Kevin Christoff: But, we got some good reviews over the single. We got some positive press on that. Some people maybe didn’t like it, but you get that, right?

Stephen Park: There was something in Record Mirror that compared us with the Who and we just were floored. We couldn’t believe it! But that was somewhere in England, and it just seemed so inaccessible. We didn’t seem to be able to capitalize on some of the interest that the single was generating.

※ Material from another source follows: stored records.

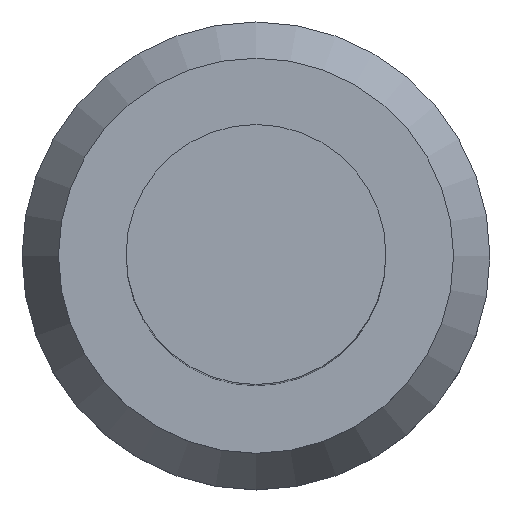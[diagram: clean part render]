
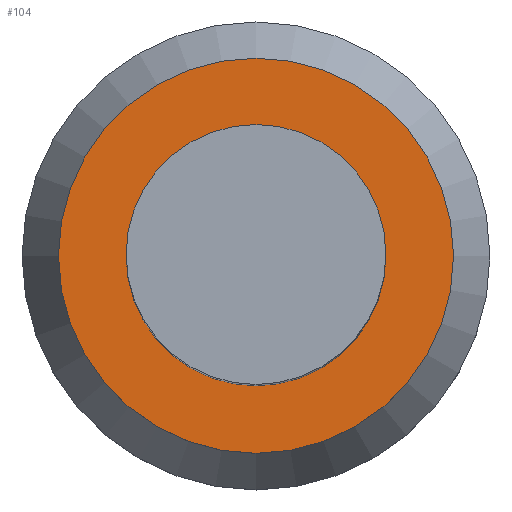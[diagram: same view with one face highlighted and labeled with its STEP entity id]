
A CAD part, top view. The second image highlights one B-rep face of the part: STEP entity #104.
In plain terms, the highlighted planar face has unit normal (0, 0, 1).
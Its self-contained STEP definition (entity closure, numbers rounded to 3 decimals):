
#57=EDGE_CURVE('240[2]',#138,#138,#139,.T.);
#104=ADVANCED_FACE('240[2]',(#207,#208),#209,.T.);
#115=EDGE_CURVE('240[2]',#224,#224,#225,.T.);
#138=VERTEX_POINT('',#242);
#139=CIRCLE('',#243,12.5);
#207=FACE_OUTER_BOUND('',#326,.T.);
#208=FACE_BOUND('',#327,.T.);
#209=PLANE('',#328);
#224=VERTEX_POINT('',#348);
#225=CIRCLE('',#349,19.0);
#242=CARTESIAN_POINT('',(0.,12.5,35.));
#243=AXIS2_PLACEMENT_3D('',#355,#356,#357);
#326=EDGE_LOOP('',(#430));
#327=EDGE_LOOP('',(#431));
#328=AXIS2_PLACEMENT_3D('',#432,#433,#434);
#348=CARTESIAN_POINT('',(0.,19.0,35.0));
#349=AXIS2_PLACEMENT_3D('',#449,#450,#451);
#355=CARTESIAN_POINT('',(0.,0.,35.));
#356=DIRECTION('',(0.,0.,-1.0));
#357=DIRECTION('',(0.,1.0,0.));
#430=ORIENTED_EDGE('',*,*,#115,.F.);
#431=ORIENTED_EDGE('',*,*,#57,.T.);
#432=CARTESIAN_POINT('',(0.,15.75,35.));
#433=DIRECTION('',(0.,0.,1.0));
#434=DIRECTION('',(1.0,0.,0.0));
#449=CARTESIAN_POINT('',(0.,0.,35.0));
#450=DIRECTION('',(0.,0.,-1.0));
#451=DIRECTION('',(0.,1.0,0.));

GPG: Cub Koda – remember “Smokin’ In The Boy’s Room” by Brownsville Station? – he loved Saucer. He gave “She’s a Dog” an amazing review in Goldmine, about how all the “dog, dog, dog”s in the chorus were driving his wife crazy. But how to make best of all this press that was coming in from literally all over the world? I was just one guy, with a bunch of Sharpie pens and cardboard mailers, working out of the basement.

Tom Williams: But most people were like one- and two-men operations. They didn’t have the distribution, they didn’t have the know-how, there was no support system in terms of national radio, national television; newspapers tended to ignore the local acts, there were no consumer music magazines that meant anything – a couple of trade publications that didn’t mean a lot. It was kind of a baby industry, really. I mean, it really was a bunch of people playing Let’s Make Records! I think we were pretty naïve and we said “We can do this,” and if we’d actually known what the stumbling blocks were we probably wouldn’t have.

But we did, and I think that’s always the way. Because when you’re young, you can do anything. In theory.